13 Jan 2021

The rogue police who sent freed slaves back to the south

From Summer Times with Emile Donovan , 10:00 am on 13 January 2021

The Black Lives Matter movement in America is an old fight with a new name.    

Police violence against African Americans has a very long history and ordinary people have long been the ones to stand up and demand change.  

Before the Civil War, escaped slaves came north for freedom in places like New York City where slavery was illegal.

A coton plantation
1875 United States

Photo: AFP / FILE

But a reverse underground railroad operated by rogue police sent slaves, free black men and women and even children to the South.

Jonathan Daniel Wells is a professor of history at the University of Michigan who uses the past to give context to the present. It’s called The Kidnapping Club: Wall Street, Slavery, and Resistance on the Eve of the Civil War.

Wells tells Summer Times the history of north and south in pre-Civil war times is a lot more complicated than most Americans acknowledge.

“The traditional story is one in which the abolitionist north goes to war with the slaved south and obviously that contains some kernels of truth, but it also obfuscates a much darker and bleaker history of northern cities like New York.

“Today we think of New York as this amazing, democratic, pluralistic society, but it harbours a much darker past and that’s really what I wanted explore in the book… the story is not as clean and uncomplicated as we might first assume.”

Wells says New York City was uniquely pro-southern and pro-slavery and much of that was tied up with Wall Street’s cotton trade that created much of its wealth and power. He says cotton produced in the south ended up going to places like New England and Manchester and passed through the fingers of financiers in New York City.

“In addition to the fact that merchants and financiers are making a lot of money off of the cotton trade, it’s also true that early insurance companies were insuring against the loss of slave property, insuring against cotton crops being destroyed.

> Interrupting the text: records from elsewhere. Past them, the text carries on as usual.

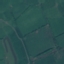
Label: Pasture
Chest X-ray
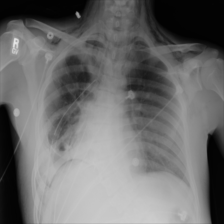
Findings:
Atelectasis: negative
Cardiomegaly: negative
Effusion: negative
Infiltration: negative
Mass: negative
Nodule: negative
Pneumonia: negative
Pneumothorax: positive
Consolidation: negative
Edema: negative
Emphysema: negative
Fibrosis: negative
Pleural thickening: negative
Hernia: negative
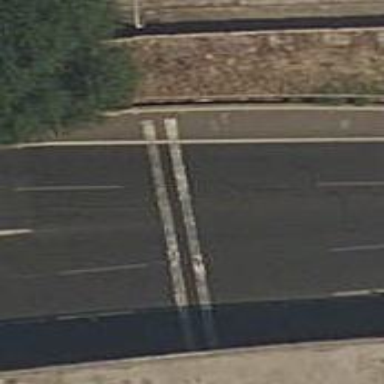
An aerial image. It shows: Traffic calming measure in place: rumble strips.
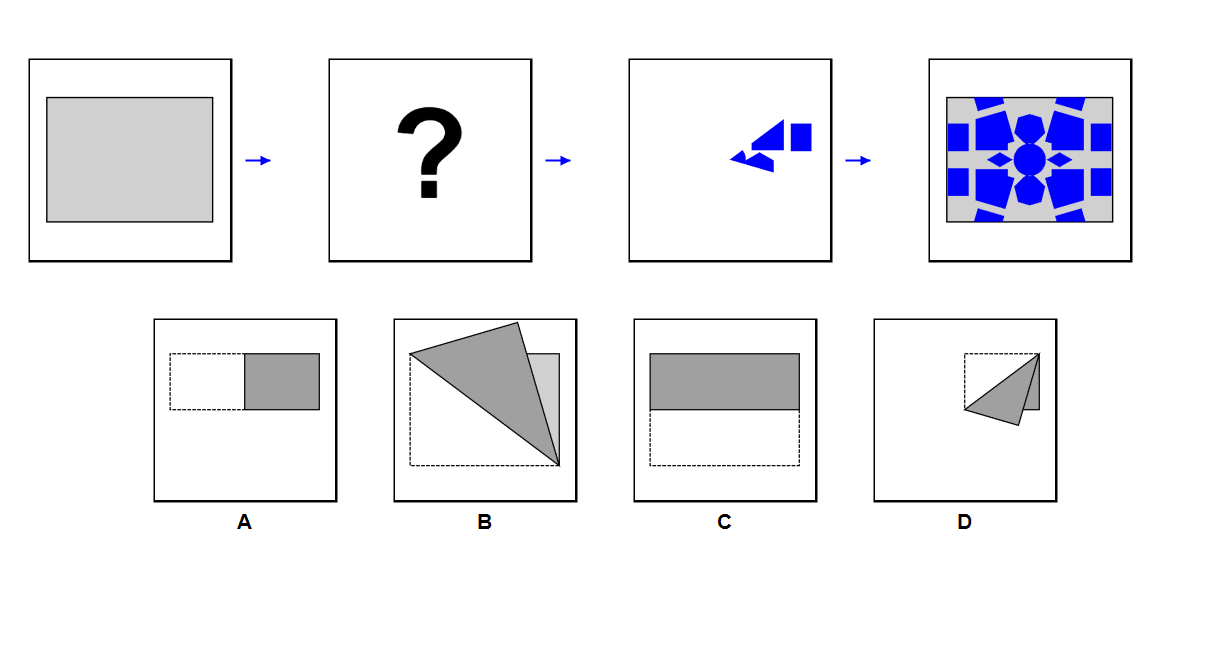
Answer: B
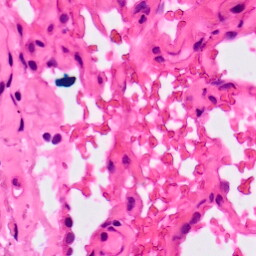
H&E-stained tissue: Lung
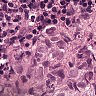
Metastatic tissue present: yes
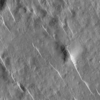
Label: not_dusty
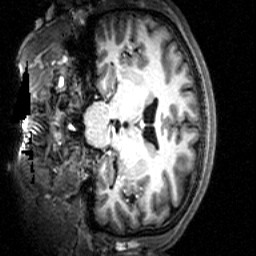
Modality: T1w
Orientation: coronal
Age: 22
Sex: male
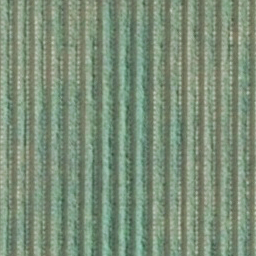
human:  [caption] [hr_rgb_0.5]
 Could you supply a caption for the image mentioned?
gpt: There is a piece of farmland .

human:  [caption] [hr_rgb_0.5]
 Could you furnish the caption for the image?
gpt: It is a piece of cropland .

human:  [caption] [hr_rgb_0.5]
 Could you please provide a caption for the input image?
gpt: It is a piece of farmland .

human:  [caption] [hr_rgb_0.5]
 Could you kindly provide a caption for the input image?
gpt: There is a piece of cropland .

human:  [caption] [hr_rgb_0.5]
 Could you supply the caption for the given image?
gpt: Here is a piece of farmland .
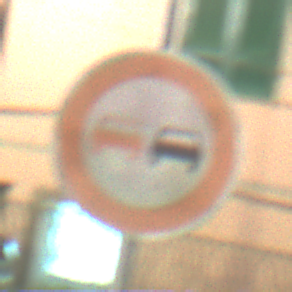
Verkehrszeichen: Ueberholverbot
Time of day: Night
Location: Outdoor (Urban)
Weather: PartlyCloudy
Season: NotSpecified
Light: Artificial
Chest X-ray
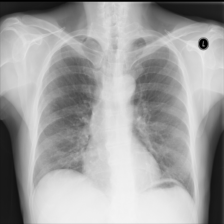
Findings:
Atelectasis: negative
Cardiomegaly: negative
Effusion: negative
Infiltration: positive
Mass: negative
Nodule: negative
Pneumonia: negative
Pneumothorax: negative
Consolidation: negative
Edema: negative
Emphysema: negative
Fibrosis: negative
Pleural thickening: negative
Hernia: negative
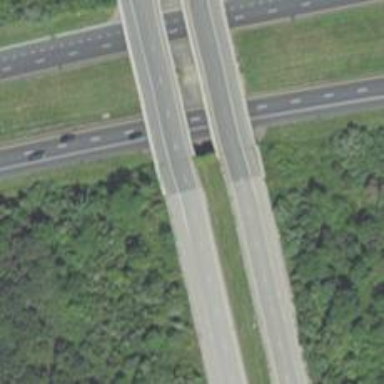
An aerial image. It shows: Bridge with asphalt surface on motorway link.
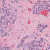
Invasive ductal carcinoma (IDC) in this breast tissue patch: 1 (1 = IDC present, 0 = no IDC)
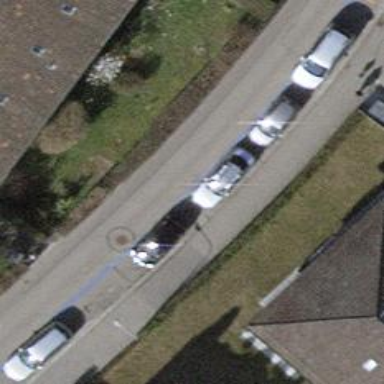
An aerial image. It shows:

“Like the north more generally, but acutely, New York City was benefitting financially from the cotton trade with the south and that rendered the city very pro-slavery.”

He says New York City’s pro-slavery stance was driven by both money and racism.

“The Democrat Party in New York City is of two minds which dovetails nicely; they are deeply racist, it was a deeply racially conservative city. But it was also a city that realised its prosperity and its growing wealth and power were based upon the compromise over slavery with the American south.”

It was written into the Constitution that northern states were duty bound to return any slaves that had escaped bondage and gone to the north and Wells says there was a powerful group of lawyers, judges, and police officers who took that duty very seriously.

Wells says the kidnapping club operated with ruthless efficiency, arresting black men – whether they were escapees from the south or not – and having them declared runaways by judges and city recorders before their families even found out.

“Sometimes it would happen early in the morning and, before families knew what hit them, their loved ones were sent down plantations in Louisiana, Florida, or the Carolinas. More than likely, the people who were embedded in this nefarious web were never to realise their freedom again.”

With that comes a story of resistance against attempts to make New York City a dangerous place for black people. One of the heroes of that resistance is now overlooked black activist and journalist David Ruggles who identified the people who were arresting black men and labelled them the New York Kidnapping club and denounced them in his newspaper.

“He is a man who was a tireless advocate for racial justice and somebody who we’ve lost track of in our history… it’s important to know that people like David Ruggles were part of our national story of freedom.”